I(Petal.Length^2) 0.08146 0.01318 6.181 5.96e-09 ***
---
Signif. codes: 0 '***' 0.001 '**' 0.01 '*' 0.05 '.' 0.1 ' ' 1
Residual standard error: 0.3639 on 147 degrees of freedom
Multiple R-squared: 0.8095, Adjusted R-squared: 0.8069
F-statistic: 312.3 on 2 and 147 DF, p-value: < 2.2e-16
Compare the two outputs and notice that our Adjusted R-squared has increased. This is a good sign.
But an F-statistic quantifies the difference in model fit between two models:
anova(m1, m1_quadratic, test = "F")
Analysis of Variance Table
Model 1: Sepal.Length ~ Petal.Length
Model 2: Sepal.Length ~ Petal.Length + I(Petal.Length^2)

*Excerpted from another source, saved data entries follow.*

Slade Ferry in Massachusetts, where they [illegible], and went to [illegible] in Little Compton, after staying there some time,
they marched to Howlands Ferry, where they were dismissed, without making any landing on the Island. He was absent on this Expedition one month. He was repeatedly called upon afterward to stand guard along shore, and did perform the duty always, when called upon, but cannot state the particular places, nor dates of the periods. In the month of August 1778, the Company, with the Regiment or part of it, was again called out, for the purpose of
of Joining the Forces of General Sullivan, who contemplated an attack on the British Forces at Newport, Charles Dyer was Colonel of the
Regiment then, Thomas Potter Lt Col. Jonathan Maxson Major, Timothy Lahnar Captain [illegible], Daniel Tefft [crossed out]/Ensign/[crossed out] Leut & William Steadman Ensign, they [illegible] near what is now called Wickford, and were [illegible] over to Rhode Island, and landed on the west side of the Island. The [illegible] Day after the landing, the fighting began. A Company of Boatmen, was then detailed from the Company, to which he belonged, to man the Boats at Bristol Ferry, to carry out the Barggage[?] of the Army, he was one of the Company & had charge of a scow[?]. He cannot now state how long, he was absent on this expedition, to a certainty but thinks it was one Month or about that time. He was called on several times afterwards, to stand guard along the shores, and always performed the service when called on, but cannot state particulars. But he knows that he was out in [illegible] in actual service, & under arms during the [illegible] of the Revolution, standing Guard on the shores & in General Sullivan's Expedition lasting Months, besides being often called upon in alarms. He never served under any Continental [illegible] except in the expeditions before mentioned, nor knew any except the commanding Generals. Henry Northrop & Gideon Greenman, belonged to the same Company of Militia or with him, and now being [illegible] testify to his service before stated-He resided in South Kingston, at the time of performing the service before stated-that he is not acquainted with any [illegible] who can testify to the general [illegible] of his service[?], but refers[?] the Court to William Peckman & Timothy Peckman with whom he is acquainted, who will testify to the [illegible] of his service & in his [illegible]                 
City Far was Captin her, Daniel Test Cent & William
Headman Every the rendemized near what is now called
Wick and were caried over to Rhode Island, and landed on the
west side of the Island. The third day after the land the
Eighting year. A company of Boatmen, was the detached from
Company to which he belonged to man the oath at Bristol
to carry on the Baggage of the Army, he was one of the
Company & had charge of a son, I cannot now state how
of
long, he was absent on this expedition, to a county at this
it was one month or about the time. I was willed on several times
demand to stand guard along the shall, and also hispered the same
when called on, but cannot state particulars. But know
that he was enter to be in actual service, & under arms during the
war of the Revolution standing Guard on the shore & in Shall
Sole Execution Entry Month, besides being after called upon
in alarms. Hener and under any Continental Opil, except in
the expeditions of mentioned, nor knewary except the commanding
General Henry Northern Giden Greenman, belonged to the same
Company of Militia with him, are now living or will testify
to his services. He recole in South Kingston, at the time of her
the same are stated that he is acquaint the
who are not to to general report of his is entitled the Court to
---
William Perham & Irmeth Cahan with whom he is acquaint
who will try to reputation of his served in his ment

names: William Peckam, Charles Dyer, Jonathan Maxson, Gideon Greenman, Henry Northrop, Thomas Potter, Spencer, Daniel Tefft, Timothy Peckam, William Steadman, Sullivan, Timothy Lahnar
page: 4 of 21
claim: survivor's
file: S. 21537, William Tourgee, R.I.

Res.Df RSS Df Sum of Sq F Pr(>F)
1 148 24.525
2 147 19.466 1 5.0593 38.206 5.955e-09 ***
---
Signif. codes: 0 '***' 0.001 '**' 0.01 '*' 0.05 '.' 0.1 ' ' 1
The main thing of importance when performing an F-test on two models is that the smaller of the two models (the “null” model) cannot contain variables that are not in the larger model (the “alternative” or “full” model).